Scope & Lifecycle of Beans

Scope & Lifecycle of Beans

What is a Bean ?

A bean is nothing but an object that is instantiated and managed by a Spring IoC(Inversion of Control) container.

Scope of a Bean

Scope refers to the instance creation of that bean. i.e., number of object creation, duration.

  1. Singleton: One instance per Spring Context. This is default scope of every bean.

  2. Prototype: New bean whenever requested.
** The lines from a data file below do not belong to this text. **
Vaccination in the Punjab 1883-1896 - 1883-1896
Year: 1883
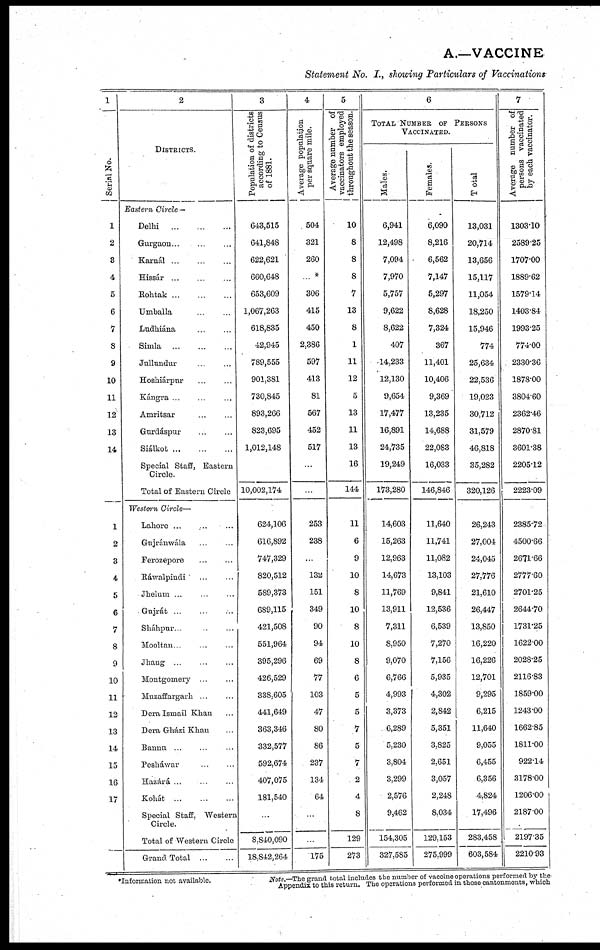
A.—VACCINE
Statement No. I., showing Particulars of Vaccinations
1
Serial No.
1
2
3
4
5
6
7
8
9
10
11
12
13
14
1
2
3
4
5
6
7
8
9
10
11
12
13
14
15
16
17
2
DISTRICTS.
Eastern Circle —
Delhi
...
...
...
Gurgaon... ... ...
Karnál ... ... ...
Hissár
...
...
...
Rohtak ... ... ...
Umballa ... ...
Ludhiána ... ...
Simla
...
...
...
Jullundur ... ...
Hoshiárpur ... ...
Kángra ... ... ...
Amritsar ... ...
Gurdáspur ... ...
Siálkot ... ... ...
Special Staff, Eastern
Circle.
Total of Eastern Circle
Western Circle—
Lahore ...
....
...
Gujránwála ... ...
Ferozepore ... ...
Ráwalpindi
... ...
Jhelum ... ... ...
Gujrát ... ... ...
Sháhpur... ... ...
Mooltan... ... ...
Jhang ... ... ...
Montgomery ... ...
Muzaffargarh ... ...
Dera Ismail Khan ...
Dera Gházi Khan ...
Bannu ... ... ...
Pesháwar ... ...
Hazárá ... ... ...
Kohát
...
...
...
Special Staff, Western
Circle.
Total of Western Circle
Grand Total
...
...
3
Population of districts
according to Census
of 1881.
643,515
641,848
622,621
660,648
653,609
1,067,263
618,835
42,945
789,555
901,381
730,845
893,266
823,695
1,012,148
10,002,174
624,106
616,892
747,329
820,512
589,373
689,115
421,508
551,964
395,296
426,529
338,605
441,649
363,346
332,577
592,674
407,075
181,540
...
S,S40,090
18,842,264
4
Average population
per square mile.
504
321
260
... *
306
415
450
2,386
597
413
81
567
452
517
...
...
253
238
...
132
151
349
90
94
69
77
103
47
80
86
237
134
64
...
175
5
Average number of
vaccinators employed
throughout the season.
10
8
8
8
7
13
8
1
11
12
5
13
11
13
16
144
11
6
9
10
8
10
8
10
8
6
5
5
7
5
7
2
4
8
129
273
6
TOTAL NUMBER OF PERSONS
VACCINATED.
Males.
6,941
12,498
7,094
7,970
5,757
9,622
8,622
407
14,233
12,130
9,654
17,477
16,891
24,735
19,249
173,280
14,603
15,263
12,963
14,673
11,769
13,911
7,311
8,950
9,070
6,766
4,993
3,373
6,289
5,230
3,804
3,299
2,576
9,462
154,305
327,585
Females.
6,090
8,216
6,562
7,147
5,297
8,628
7,324
367
11,401
10,406
9,369
13,235
14,688
22,083
16,033
146,846
11,640
11,741
11,082
13,103
9,841
12,536
6,539
7,270
7,156
5,935
4,302
2,842
5,351
3,825
2,651
3,057
2,248
8,034
129,153
275,999
Total.
13,031
20,714
13,656
15,117
11,054
18,250
15,946
774
25,634
22,536
19,023
30,712
31,579
46,818
35,282
320,126
26,243
27,004
24,045
27,776
21,610
26,447
13,850
16,220
16,226
12,701
9,295
6,215
11,640
9,055
6,455
6,356
4,824
17,496
2S3,458
603,584
7
Average number of
persons vaccinated
by each vaccinator.
1303.10
2589.25
1707.00
1889.62
1579.14
1403.84
1993.25
774.00
2330.36
1878.00
3804.60
2362.46
2870.81
3601.38
2205.12
2223.09
2385.72
4500.66
2671.66
2777.60
2701.25
2644.70
1731.25
1622.00
2028.25
2116.83
1859.00
1243.00
1662.85
1811.00
922.14
3178.00
1206.00
2187.00
219735
2210.93
*Information not available.
Note.—The grand total includes the number of vaccine operations performed by the
Appendix to this return. The operations performed in those cantonments, which
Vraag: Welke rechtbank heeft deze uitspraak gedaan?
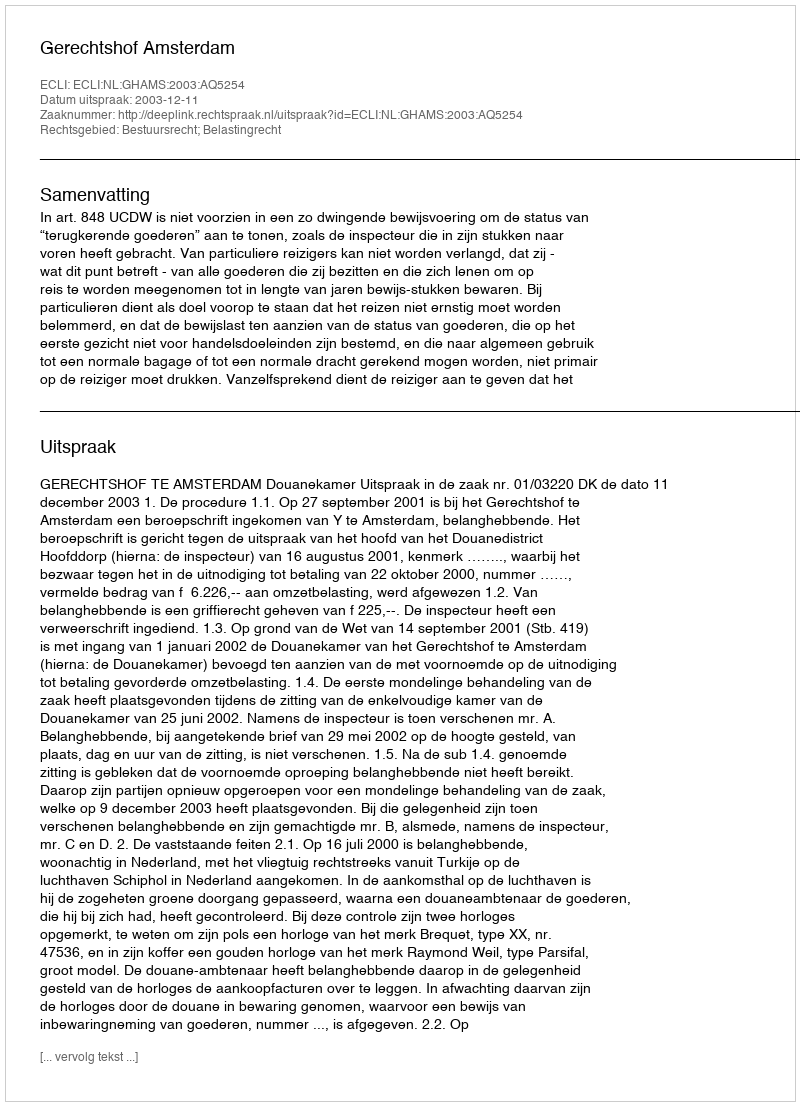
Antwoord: Gerechtshof Amsterdam
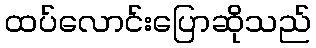
ထပ်လောင်းပြောဆိုသည်
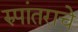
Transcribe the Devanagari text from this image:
रुपांतराचे
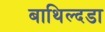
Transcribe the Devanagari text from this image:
बाथिल्दडा
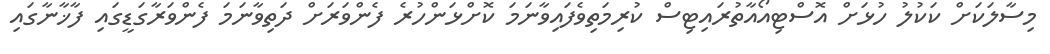
މިސާލަކަށް ކަކުލު ހުޅަށް އޮސްޓިއޯއާތުރައިޓިސް ކުރިމަތިވެފައިވާނަމަ ކޮށްޅަންހުރެ ފެންވަރަށް ދަތިވާނަމަ ފެންވަރާގަޑީގައި ފާޚާނާގައި
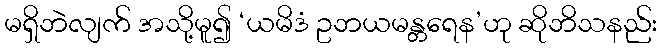
မရှိဘဲလျက် အသို့မူ၍ ‘ယမိဒံ ဥဘယမန္တရေန’ဟု ဆိုဘိသနည်း
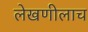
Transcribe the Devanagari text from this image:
लेखणीलाच
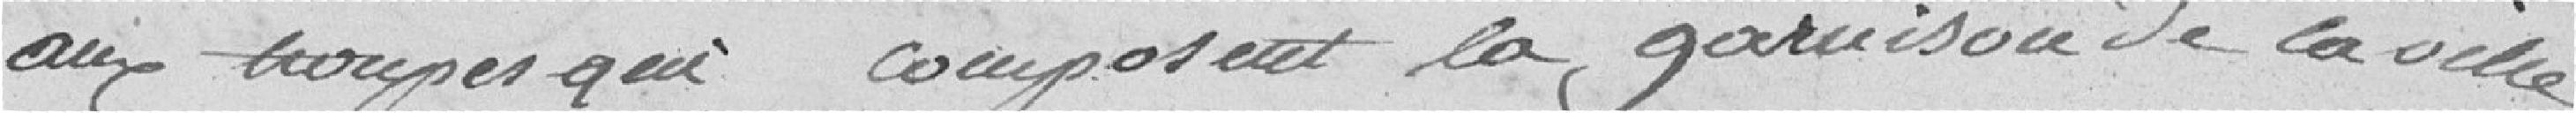
aux troupes qui composent la garnison de la ville

@Scope(ConfigurableBeanFactory.SCOPE_PROTOTYPE)
  1. request: One bean per HTTP request

  2. session: One bean per HTTP session

  3. global

Example of Scopes

In this example we create one bean with singleton scope while other with prototype. Then we request 2 beans from each class, and we can see that singleton doesn’t create a new instance while prototype one does.

singletonclass.java

@Component
public class singletonclass {
	public void method() {
		System.out.println(this);
	}
}

prototypeclass.java

@Component
@Scope(ConfigurableBeanFactory.SCOPE_PROTOTYPE)
public class prototypeclass {
	public void method() {
		System.out.println(this);
	}
}

ScopeExampleApplication.java

@SpringBootApplication
public class ScopeExampleApplication {

	public static void main(String[] args) {
	ApplicationContext apx=SpringApplication.run(ScopeExampleApplication.class, args);
	singletonclass s1 = apx.getBean(singletonclass.class);
	singletonclass s2 = apx.getBean(singletonclass.class);
	s1.method();
	s2.method();
	
	prototypeclass p1 = apx.getBean(prototypeclass.class);
	prototypeclass p2 = apx.getBean(prototypeclass.class);
	p1.method();
	p2.method();
	
	}
}

OUTPUT

Scope_Example.singletonclass@2fb69ff6 // returns same hashcode
Scope_Example.singletonclass@2fb69ff6
Scope_Example.prototypeclass@6a078481 // returns different hashcode
Scope_Example.prototypeclass@79c5636f

Lifecycle of a Bean

First thing what happens when we run the program is, that spring container gets started. Then container creates the instance of a bean as per the request and after that dependencies are injected. Beans are destroyed when the spring container is closed.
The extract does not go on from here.